2. Inductance or capacitance. Trace length or pad/pour area can accumulate capacitance, and this can be sensed as above (e.g. pull-up resistor + input threshold voltage as a crude time constant). Conversely, trace length and loop area can accumulate inductance, which is harder to sense as the impedances are again pretty low relative to bare MCUs, but some methods would still be practical.
3. Transmission lines. The width and length of a trace corresponds to impedance and time, which can be read out directly in transient or frequency domains. Bonus points for making the TL structure your logo, so it's critical for device operation as well as visual identification! ;D
And of these, the first two are very limited in degrees of freedom: a resistor, capacitor, inductor, or network thereof, is one value for each element, and around... oh I don't know, probably circa N^2 values for N pins, including coupling factors between things?
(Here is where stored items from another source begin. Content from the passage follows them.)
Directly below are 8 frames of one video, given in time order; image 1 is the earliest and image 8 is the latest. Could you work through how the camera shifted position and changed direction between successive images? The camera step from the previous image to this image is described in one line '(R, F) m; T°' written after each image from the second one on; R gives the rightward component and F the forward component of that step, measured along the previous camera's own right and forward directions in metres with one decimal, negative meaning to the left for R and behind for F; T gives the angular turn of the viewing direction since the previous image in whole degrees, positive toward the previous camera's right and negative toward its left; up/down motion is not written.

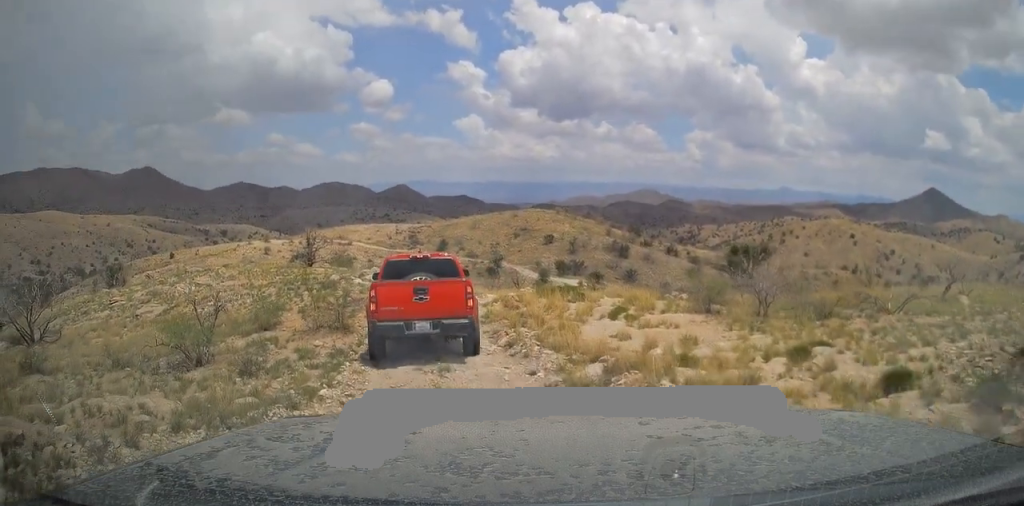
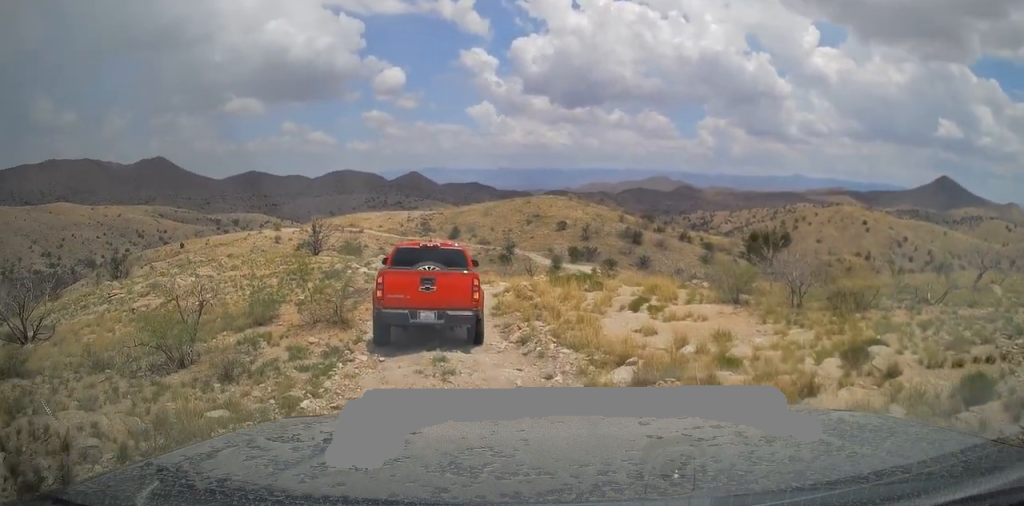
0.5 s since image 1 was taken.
(-0.3, +1.3) m; -3°
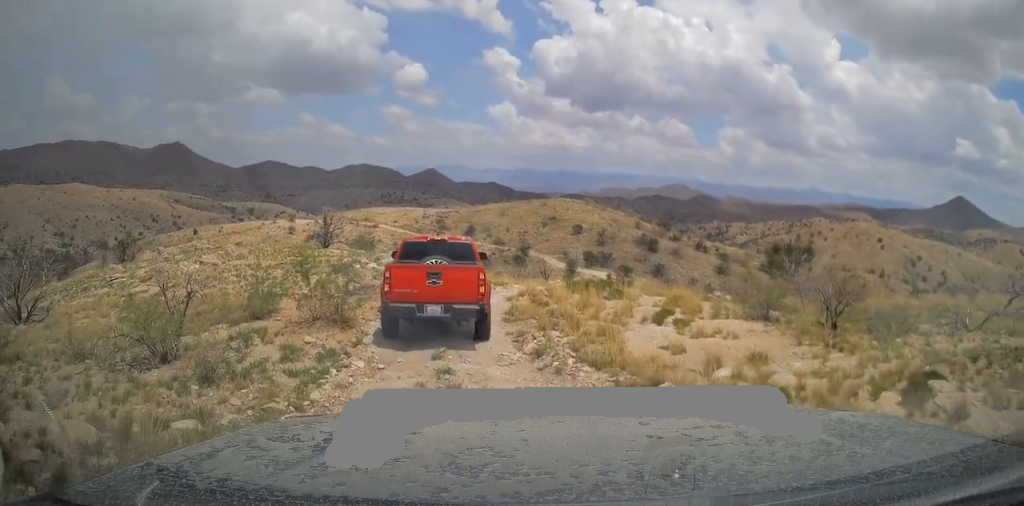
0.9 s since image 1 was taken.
(-0.2, +1.2) m; -2°
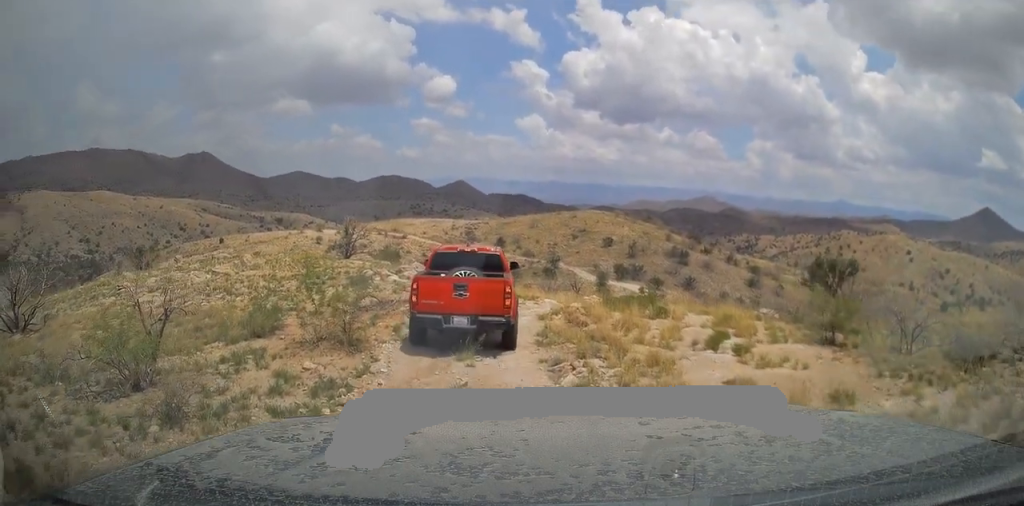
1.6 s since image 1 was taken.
(+0.2, +2.0) m; +5°
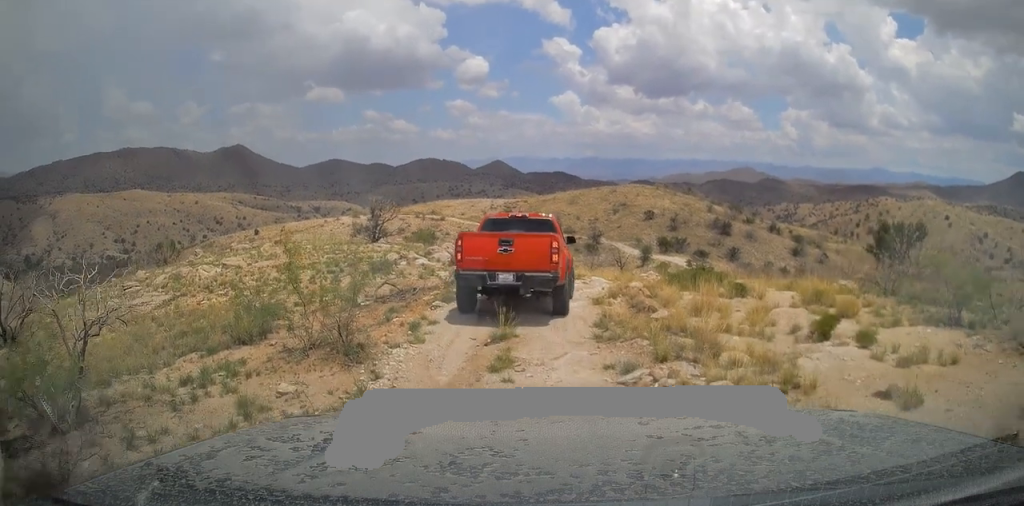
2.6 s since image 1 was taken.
(+0.2, +2.9) m; -2°
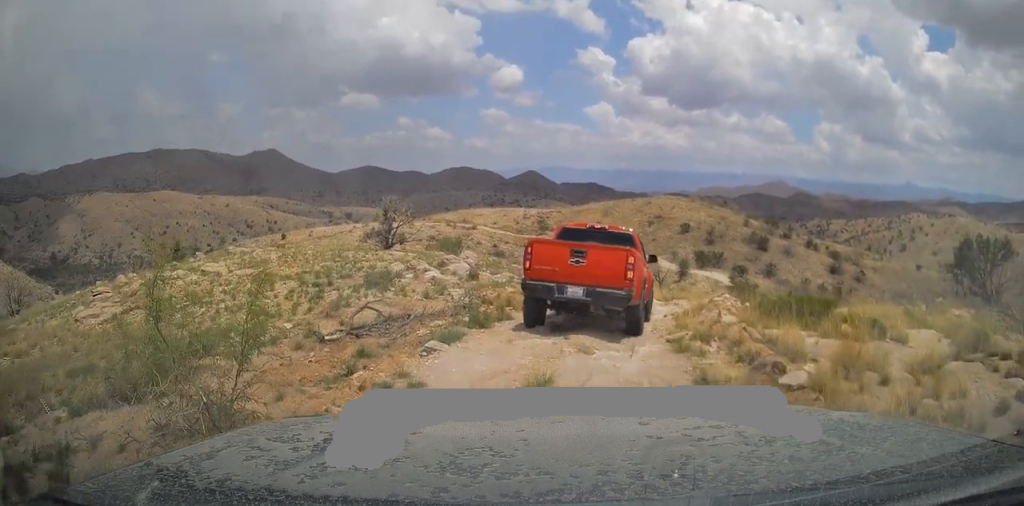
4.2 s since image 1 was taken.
(-0.5, +4.3) m; -3°
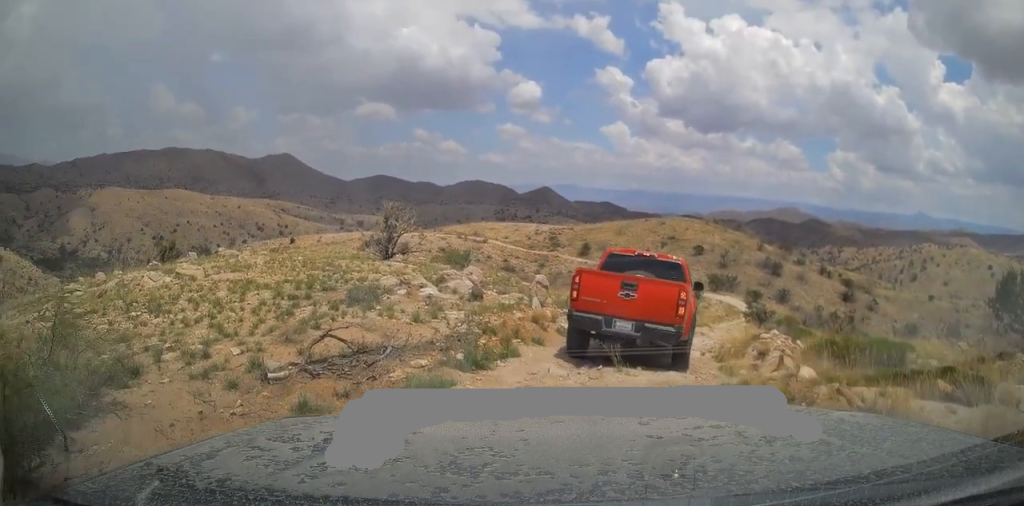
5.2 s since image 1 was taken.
(+0.4, +2.6) m; 0°
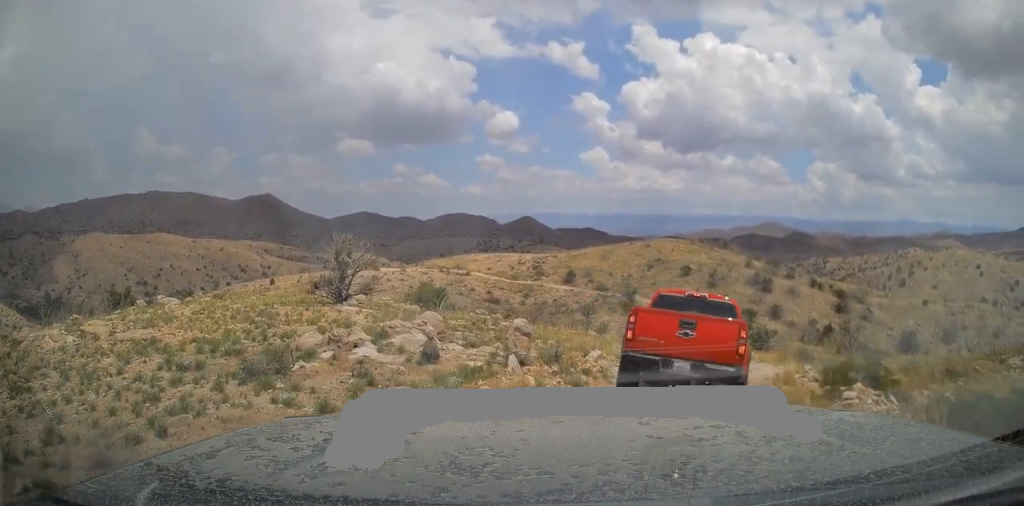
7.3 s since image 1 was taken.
(+0.2, +4.3) m; +4°

The last one has arbitrarily high degree of freedom, but is extremely bandwidth intensive, obviously (anything board-sized will take mere nanoseconds to propagate along!); you basically need a whole-ass TDR tester on the board itself. Good luck implementing that with an ordinary MCU and no suspicious (let alone expensive) circuitry! :(
Also that most of these options will take up considerable board area, not at all suitable for compact / high density things. Also, long traces snaking their way through a board stack, are prone to picking up interference or coupling it to other things, making for an ever more difficult layout as density goes up.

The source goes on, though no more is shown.